French colonialists introduced coffee to Vietnam in the 19th century, but throwing a whole raw egg into an espresso shot, creating egg coffee, was a Vietnamese invention born of necessity at Hanoi’s Café Giang during the First Indochina War in the late 1940s, when milk was scarce and eggs were plentiful.

Egg yolk is beaten with sweetened condensed milk until it’s whipped into a rich, thick mixture that is then carefully poured atop black robusta coffee, the coffee species introduced by the French to Vietnam more than a century ago. Vietnam is now the leading exporter of this type of bean, which produces more bitter notes but has more caffeine, providing a good balance to the sweetness of the whipped yolk.

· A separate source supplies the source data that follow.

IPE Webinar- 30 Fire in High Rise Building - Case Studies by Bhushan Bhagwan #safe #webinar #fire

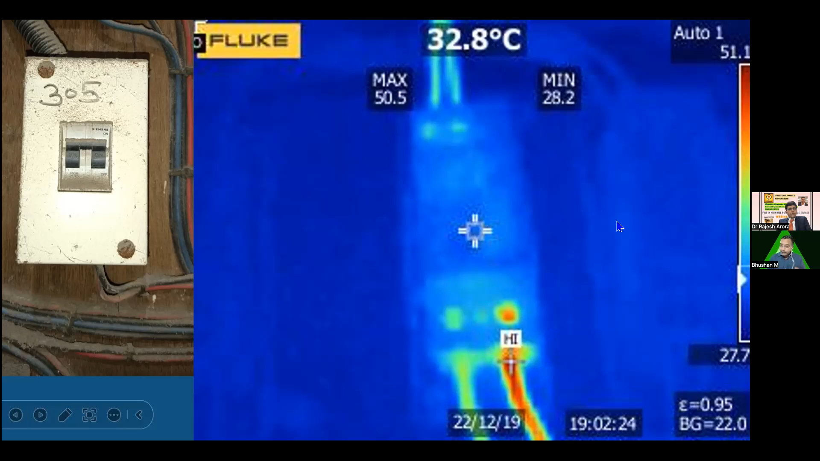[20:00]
On screen: spot 32.8°C
and you may find a burning incident or a fire incident near the main switch, or at the inside the flat where the particular cable is getting loaded, or a particular location as shown over here. This is the electrical duct. And what has happened is there are joints near the duct. This is the particular location where joints are made, and this is coming, this is just at the first floor from the meter. Meter is at the ground floor. First floor duct is this, and there are joints over here.
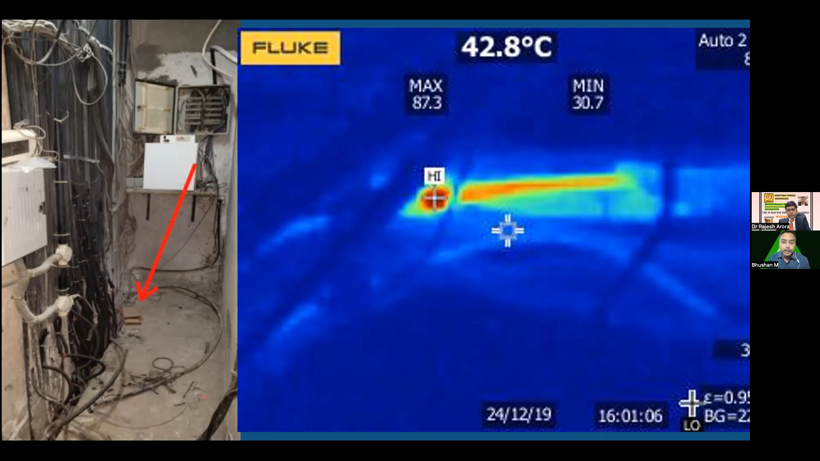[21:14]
On screen: spot 42.8°C
See, you can see the particular thermography image where temperature is at around 87. It rises up to 140 or above also, and ultimately it turns into a fire incident. See, there is general tendency of electrical wiremen to coil the joint. This is a particular location where the PVC wire, mains wire, has been coiled in the duct. Though the image shows temperature is very less, but it rises when there is a higher load at the circuit of the particular flat,
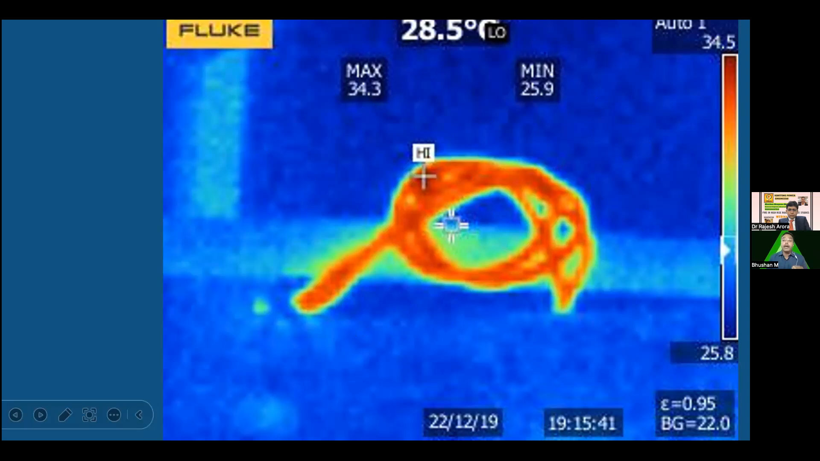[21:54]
and this gets the burn. This starts the fire, ignites the fire. Having said about the internal fires and the meter room fires,

While the basic combo of condensed milk and egg is the most traditional method of preparing cà phê trúng, it can also be made with a dash of vanilla or butter.

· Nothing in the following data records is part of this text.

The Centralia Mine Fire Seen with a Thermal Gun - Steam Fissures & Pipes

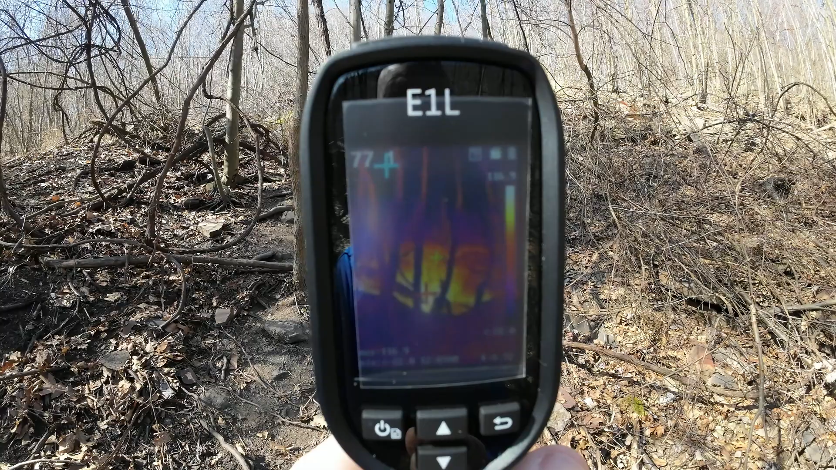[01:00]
and it got up upwards of close to 200 degrees and right now it's showing it's maxing out from here at 118 or so i'm gonna get there get
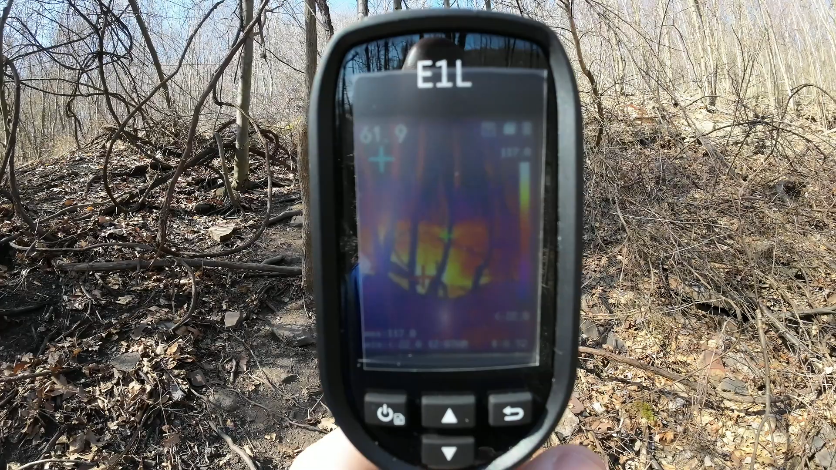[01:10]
a closer look at it and you'll be able to see what it looks like and what the readings are going to be so here we are and
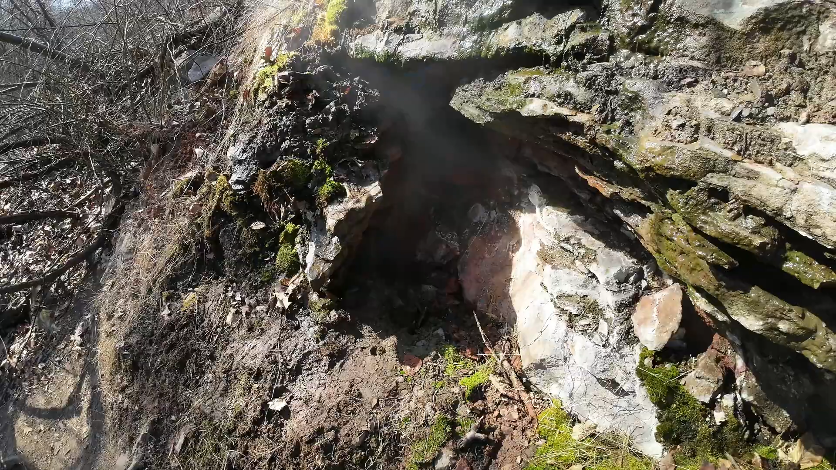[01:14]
even on a day like today where it's near 60 degrees it is still a steamy fissure so on the camera it's glowing like crazy i'm actually going to stamp a still photo right now
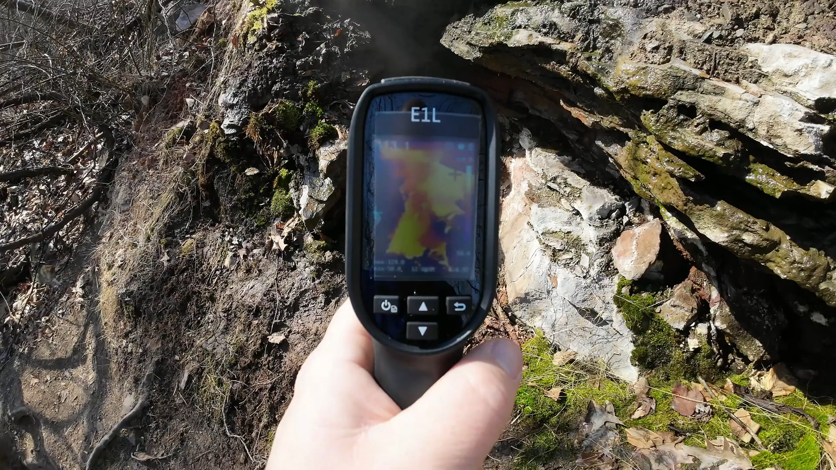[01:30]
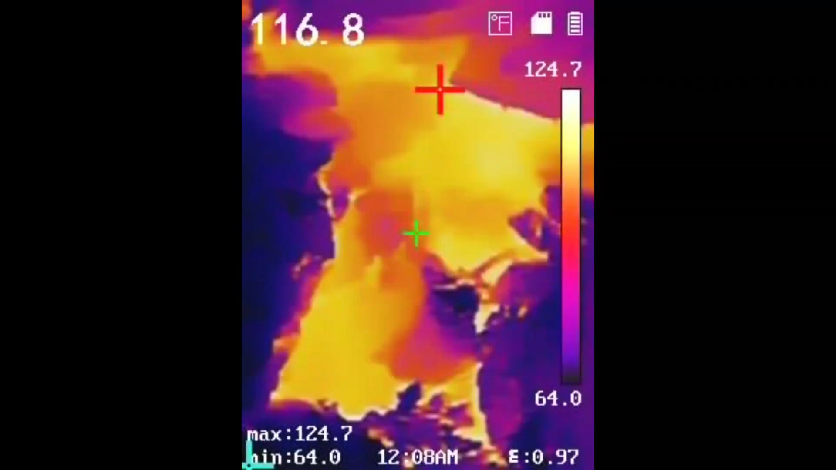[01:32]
On screen: spot 116.8°F, max 124.7°F, scale top 124.7°F, scale bottom 64.0°F
and it's getting up to 124 degrees
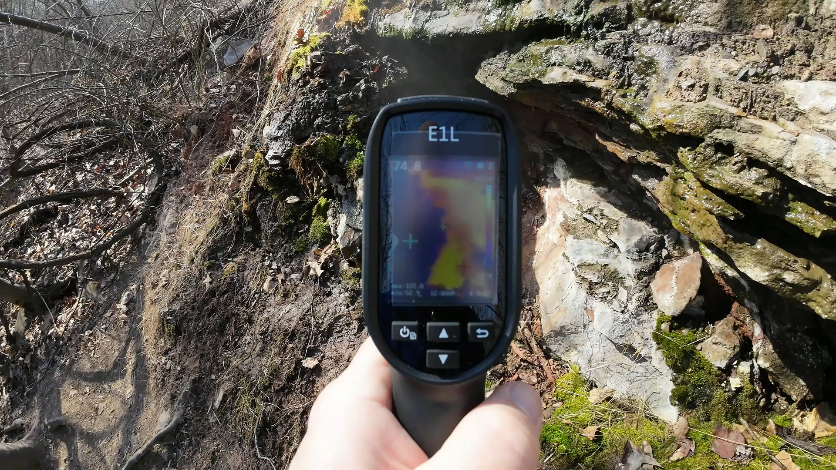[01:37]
so it's looking right into the opening there and
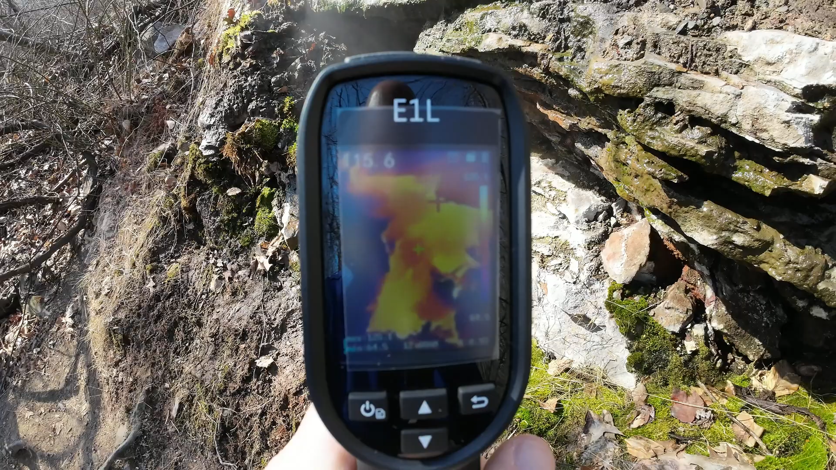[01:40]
let me know the feedback too let me know if you think this reflect the anti-glare reflective tape is working or not if it is i'll continue to use it otherwise um i'll come
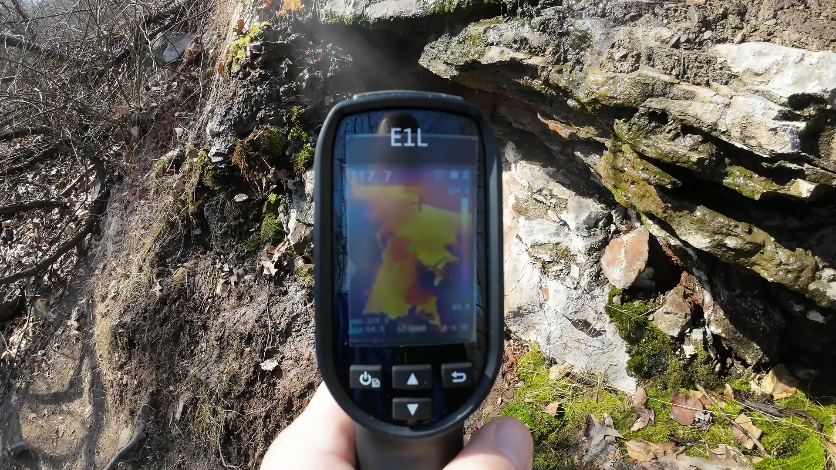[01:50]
up with some type of hood but hopefully you can see what i'm seeing here
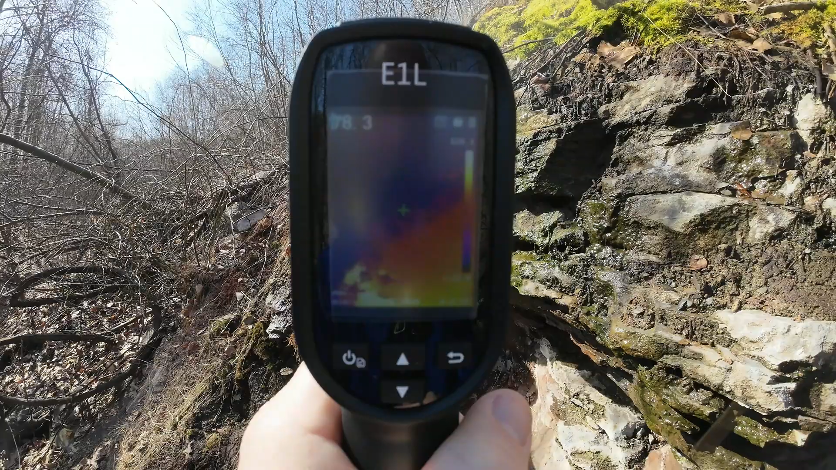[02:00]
and you can actually see the steam essentially rising on here yeah it's like a like a fiery pit almost yeah 125 degrees a few years ago it was near 200.
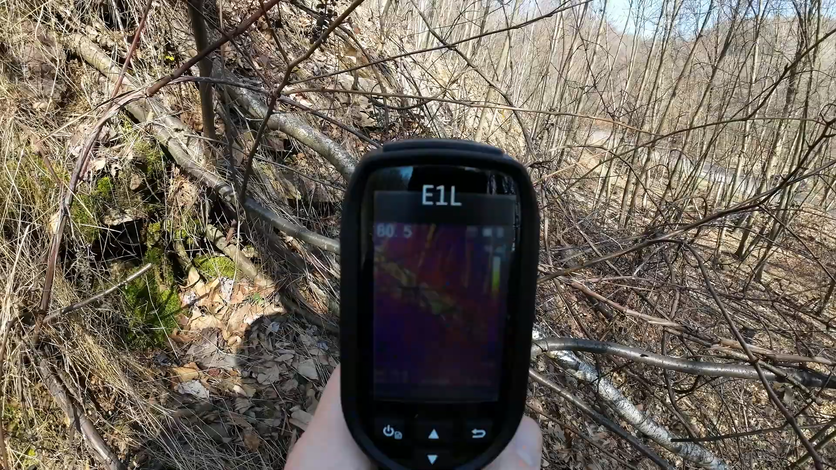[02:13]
now as we scan the landscape here you can actually see that there is more warm spots i'm picking up a hot spot of 97 degrees so the ground is warm in the surrounding area even though there's no steam
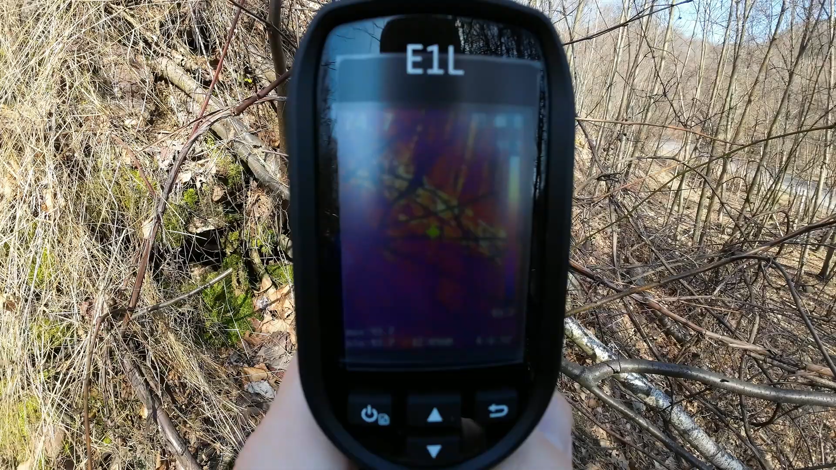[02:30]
visibly coming out there is elevated temperatures underground right
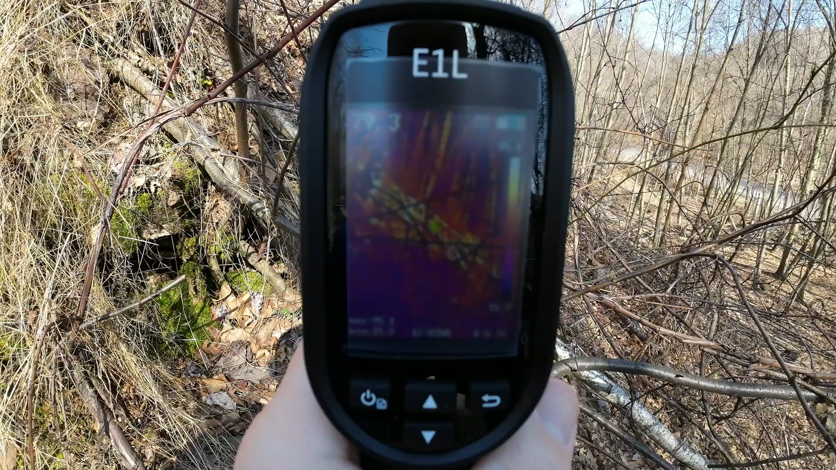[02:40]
in the center it's like 80 degrees but there is a pocket of like 95 degrees somewhere over there so people are wondering you know is there other warm areas there definitely is
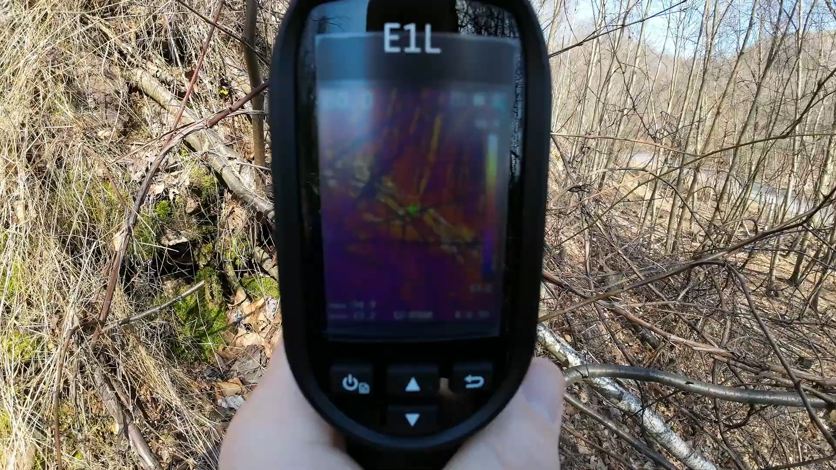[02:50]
now over here which is down and left to where we just wore there is another vent or fissure
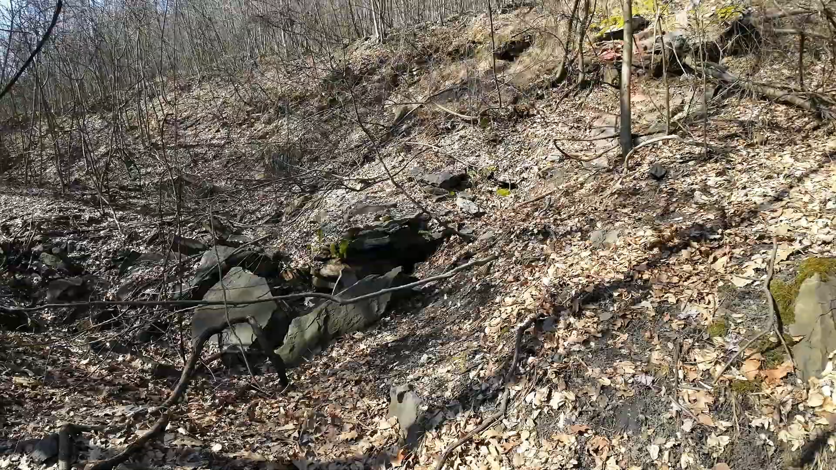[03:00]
here this one used to be billowing with steam a few years ago and although there's still steam coming out it's not nearly as hot as it used to be
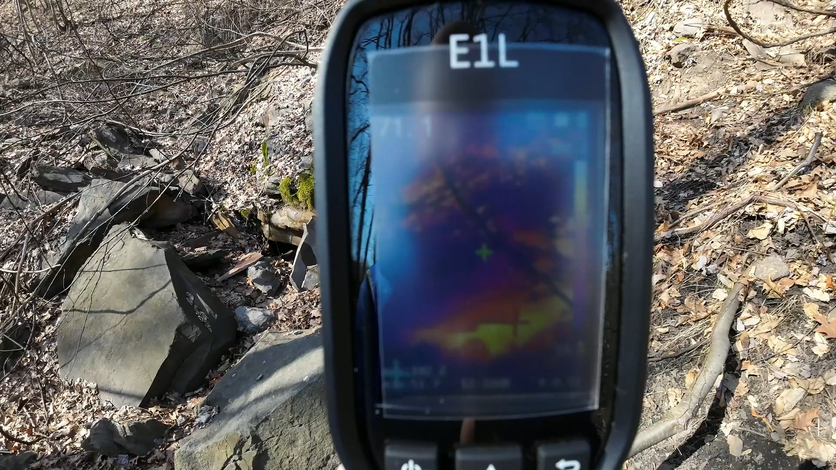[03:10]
i can actually feel the heat from here there is a musty odor to it slight sulfur smell but out here in the atmosphere it gets diluted so there's no danger of being nearby but you wouldn't want to really lay in there for an extended period of time but we're getting 104 degrees so it's a little bit cooler and you can see above it too
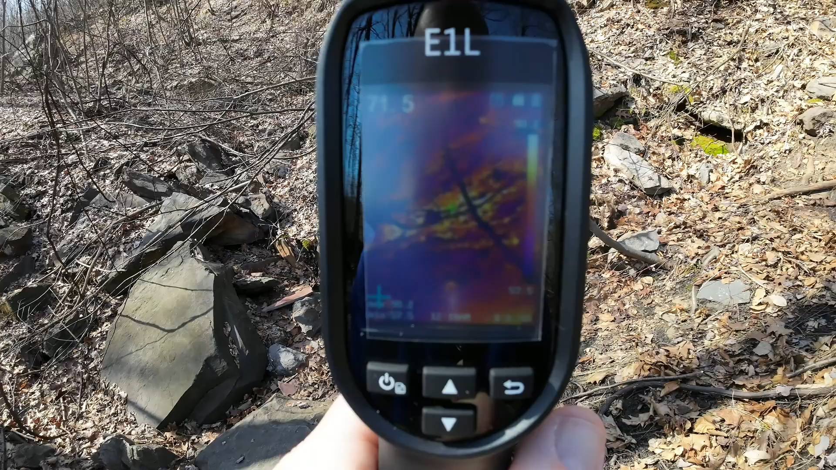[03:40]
all that yellow and the brightness that's the ground that is warm
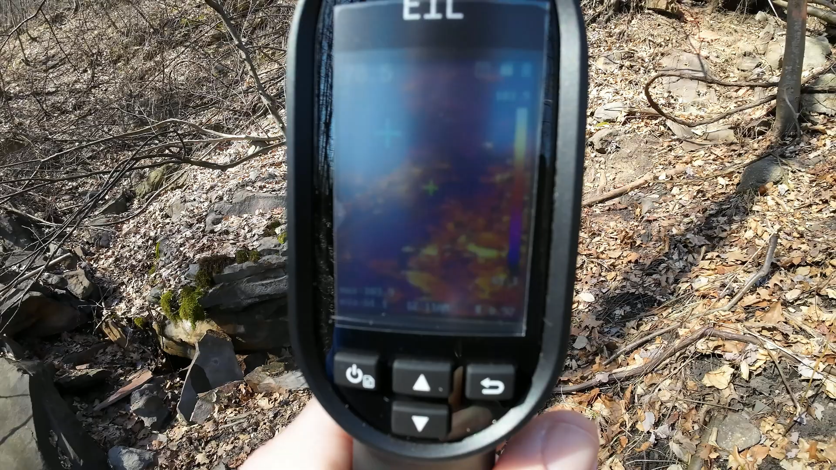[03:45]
it's over 70 degrees and over there actually where i'm pointing
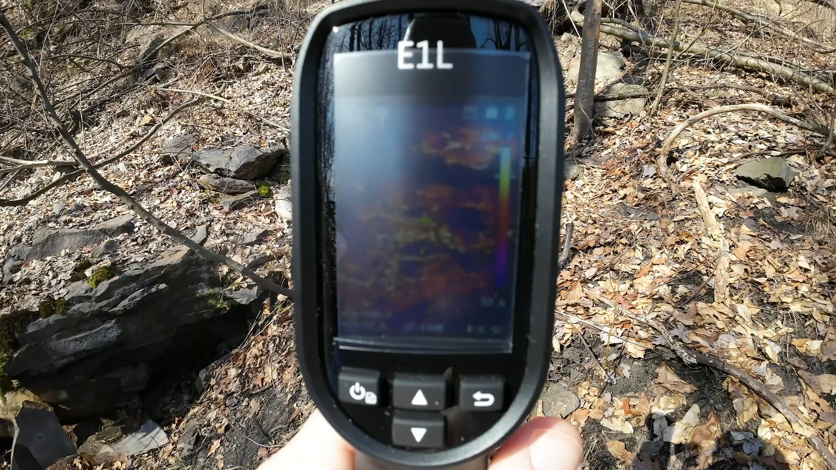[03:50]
right now it is near 90 degrees it's a hot zone of 101. so this whole mountain side here is
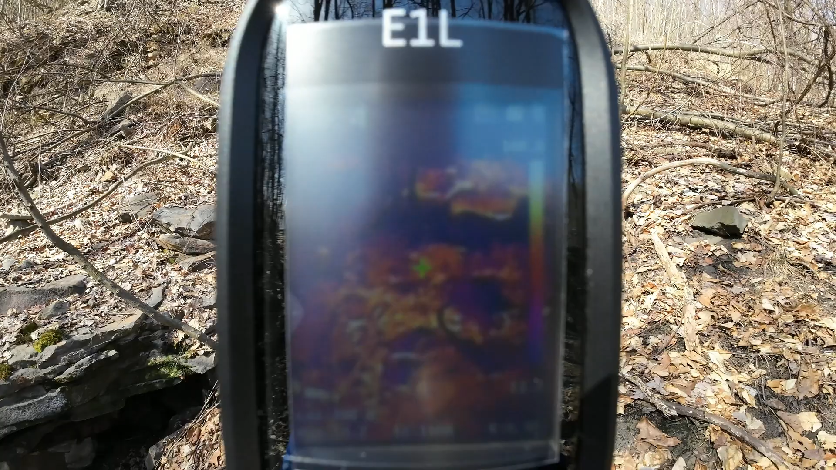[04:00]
basically a hot zone so to speak

TeaFix’s variation is available both hot and over ice. For the hot version, they first heat the cup and saucer, then they pour a dark, thick shot of espresso from robusta beans into an electric frother that whirs away until, because air is mixed in, its contents triple in size. At the same time, an organic yolk is whisked together with the sweetened condensed milk in another container until it becomes thick and custard-like. The coffee is poured into the cup, then the custard-like mixture of milk and egg, topped off with a sprinkling of cocoa powder. When it’s sipped at the perfect 45-degree angle, you first get a burst of cool, custardy sweetness followed by the hot, bitter espresso, a perfect calibration of flavors.

People can’t get enough of this sumptuous treat, which has been one of their top sellers since the place opened in late 2019, according to TeaFix owner Chi Nguyen. “They are always amazed at how different the taste is and that it’s so smooth and creamy, that it tastes like having coffee and dessert in one,” Nguyen says.